Bethany, who had prepared yet another handkerchief full of ice, turned to Varric and asked, “Should we play pin the ice pack on the elf? Honestly I’m guessing there are no wrong answers.”
Of course, with her time spent healing, she had an eye for these things. She leaned over and whispered in Varric’s ear.
He grinned. “Alright Mister-Younger-Than-The-Rest-of-Us, let’s have a demonstration of your peak physical condition. We’ll start with something nice and easy. Put your hand all the way up in the air, as far as it will go.”

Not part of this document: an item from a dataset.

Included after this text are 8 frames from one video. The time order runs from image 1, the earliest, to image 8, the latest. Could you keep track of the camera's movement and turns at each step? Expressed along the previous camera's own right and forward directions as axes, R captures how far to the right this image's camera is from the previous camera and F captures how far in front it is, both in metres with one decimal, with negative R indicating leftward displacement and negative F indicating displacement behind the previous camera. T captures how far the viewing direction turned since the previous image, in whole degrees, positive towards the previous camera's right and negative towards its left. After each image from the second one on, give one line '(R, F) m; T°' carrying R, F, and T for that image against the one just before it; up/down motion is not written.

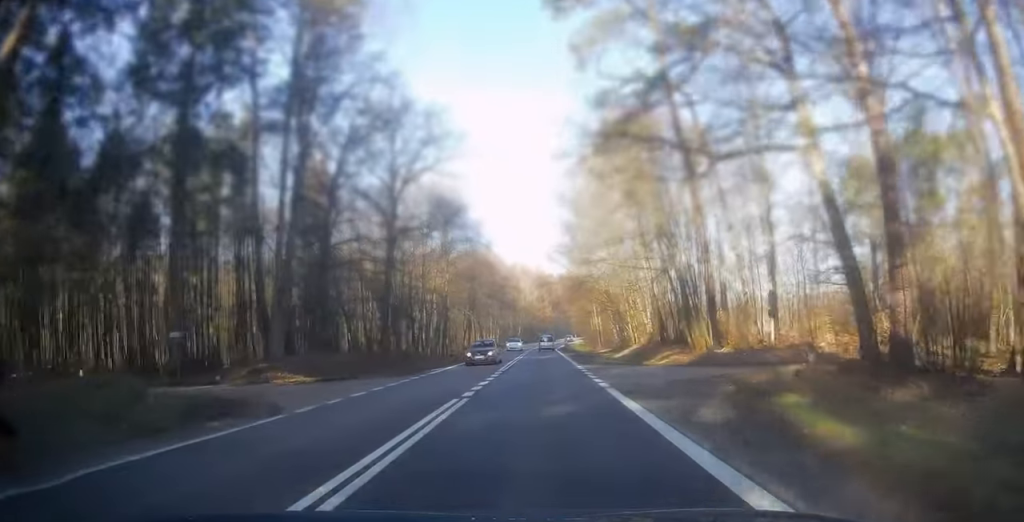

Fenris rolled his eyes and started to raise his hand.
“The other hand,” Varric and Bethany protested at the same time.
Fenris considered the hand currently holding his cup of wine. “No.”
Hawke accepted the ice pack from Bethany and placed it on his shoulder for him.  “I really thought I’d be much older when all my conversations devolved into what hurt where and how bad,” she said, Seems like a conversation for people with white hair.”
Fenris gave her a very pointed look.
“I mean like Varric,” she sighed. “He’s not nearly gray enough for this conversation.”
“Thanks, Hawke.”
“Any time. Anyway I suppose we’ll really be lost when we start arguing over whose pain is the worst.”
“It’s you,” Bethany said simultaneously with Fenris’s “Yours is.”
Varric, who might have enjoyed a great sympathy for his poor wrist that started the entire conversation, had to agree. “We all saw—”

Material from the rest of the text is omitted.